Si diffondono teorie e prassi che affidano ai farmaci la possibilità di uniformare, di omogeneizzare, i modelli di esperienza e di vissuto. Modelli che si vorrebbe privi di emozione creativa e di qualsiasi modo personale di vivere e di elaborare gli eventi della vita (la sofferenza e la gioia, la tristezza e la letizia). Tutto ciò nasconde la tentazione, consapevole e inconsapevole, di “creare robot de-emozionalizzati e automi impersonali, anonimi”.
Non solo. Si progetta, così, una forma di vita dalla quale si allontani ogni profondità e ogni riflessione. E nella quale si sia immersi in una condizione emozionale standard. Contrassegnata dalla cancellazione della tristezza e dalla sua sostituzione con una condizione emozionale “ipertimica”, gaia e indifferente al dolore. Il tentativo è quello di imporre una “allegria” e una, magari blanda, “euforia” che non facciano pensare e non facciano riflettere sulle contraddizioni e sulle ferite della vita, sulla fatica di vivere. Queste tendenze, notava già lo psichiatra Eugenio Borgna, si intravedono mascherate e sfumate anche in testi italiani di psichiatria. Esse nascondono in sé il tentativo di attutire e di imbalsamare gli slanci della sensibilità e della fragilità.
Sono comunque da evitare due errori. Da un lato, cadere in una sorta di positivismo che riduce i disturbi psichici a semplici deragliamenti biologici (per cui tutto sarebbe inscritto nei geni).

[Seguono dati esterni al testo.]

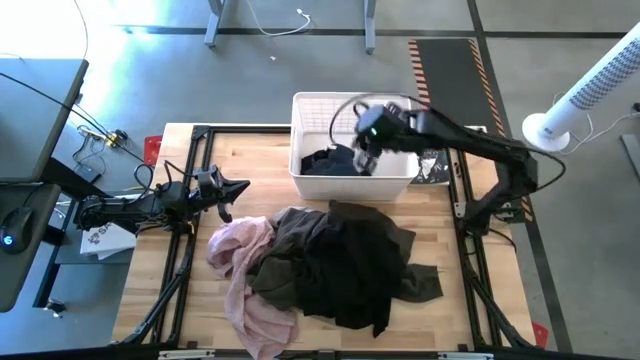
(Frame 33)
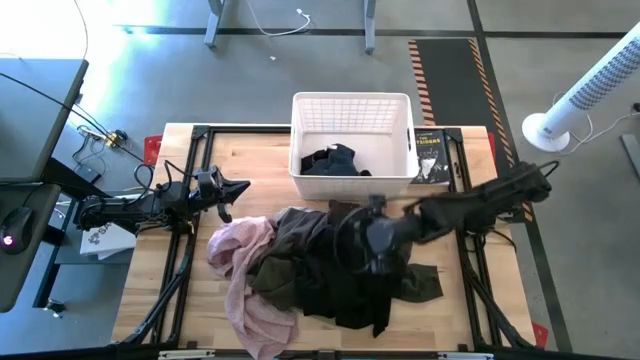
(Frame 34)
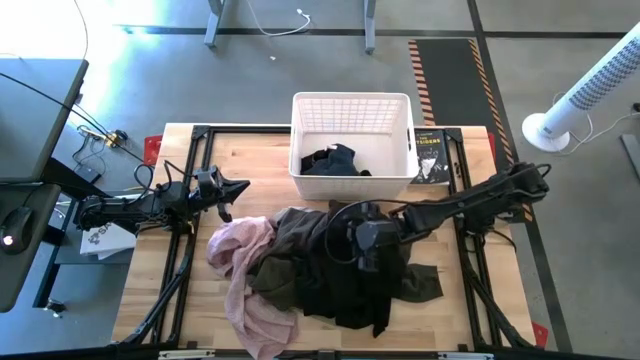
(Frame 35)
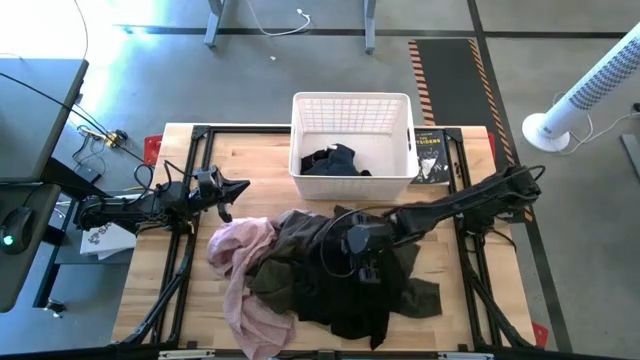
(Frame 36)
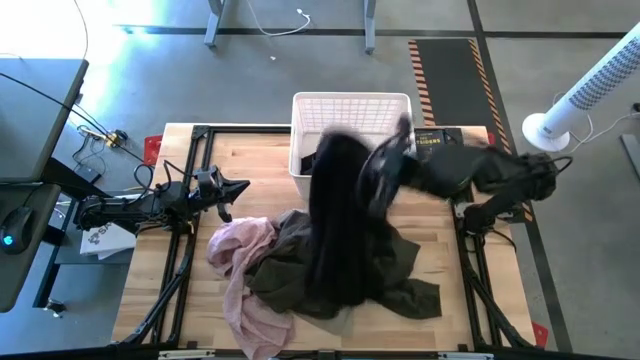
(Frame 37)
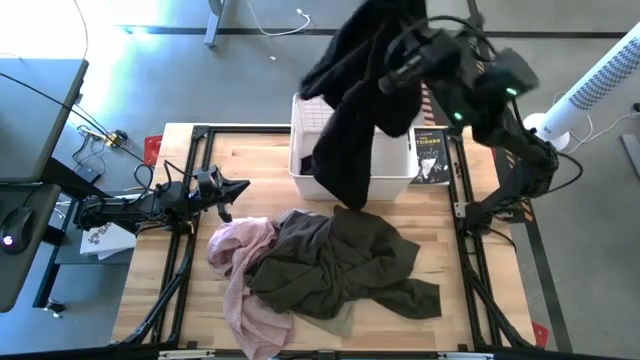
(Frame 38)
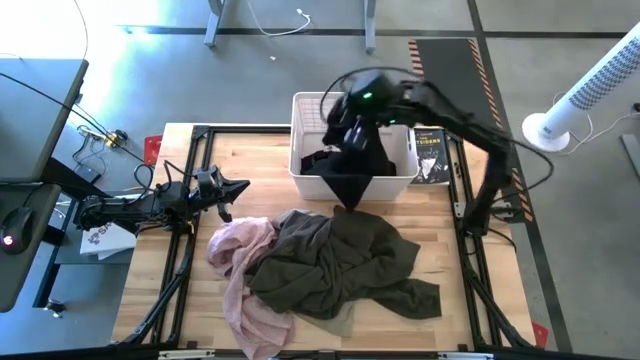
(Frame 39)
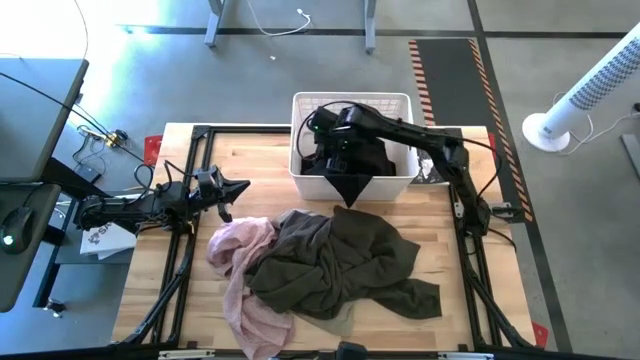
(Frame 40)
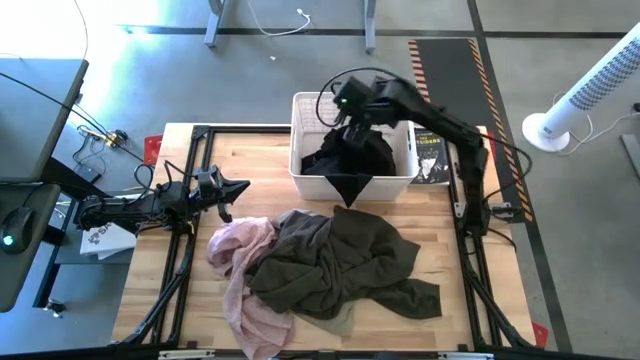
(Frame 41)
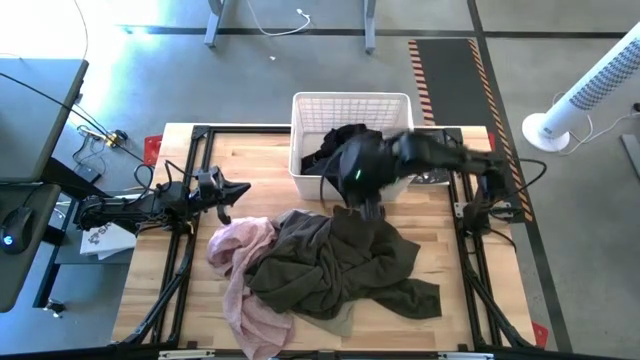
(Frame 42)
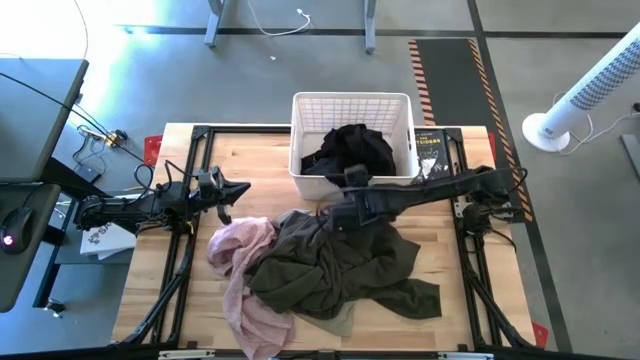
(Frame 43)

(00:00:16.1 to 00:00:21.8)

Dall’altro, assolutizzare la prospettiva delle scienze sociali non tenendo presente la dimensione biologica dell’umano. Dissolvendo la realtà della patologia nell’area di funzioni sociali (il solito: è tutta colpa della società). La grande esperienza clinica dell’autore permette un’operazione fondamentale: evitare di ridurre il disturbo mentale depressivo a un frasario biologizzante, tipico dell’epistemologia medica occidentale. Nella prefazione, Goffredo Bartocci, presidente all’Associazione psichiatrica mondiale, giudica il saggio di Lalli “uno dei migliori prodotti della cultura occidentale”. Perché “riesce a non farci sentire solo specialisti in psichiatria, ma esseri umani consapevoli e attenti alle vicende psichiche che possono accadere a ogni individuo di questo nostro nuovo mondo globalizzato”.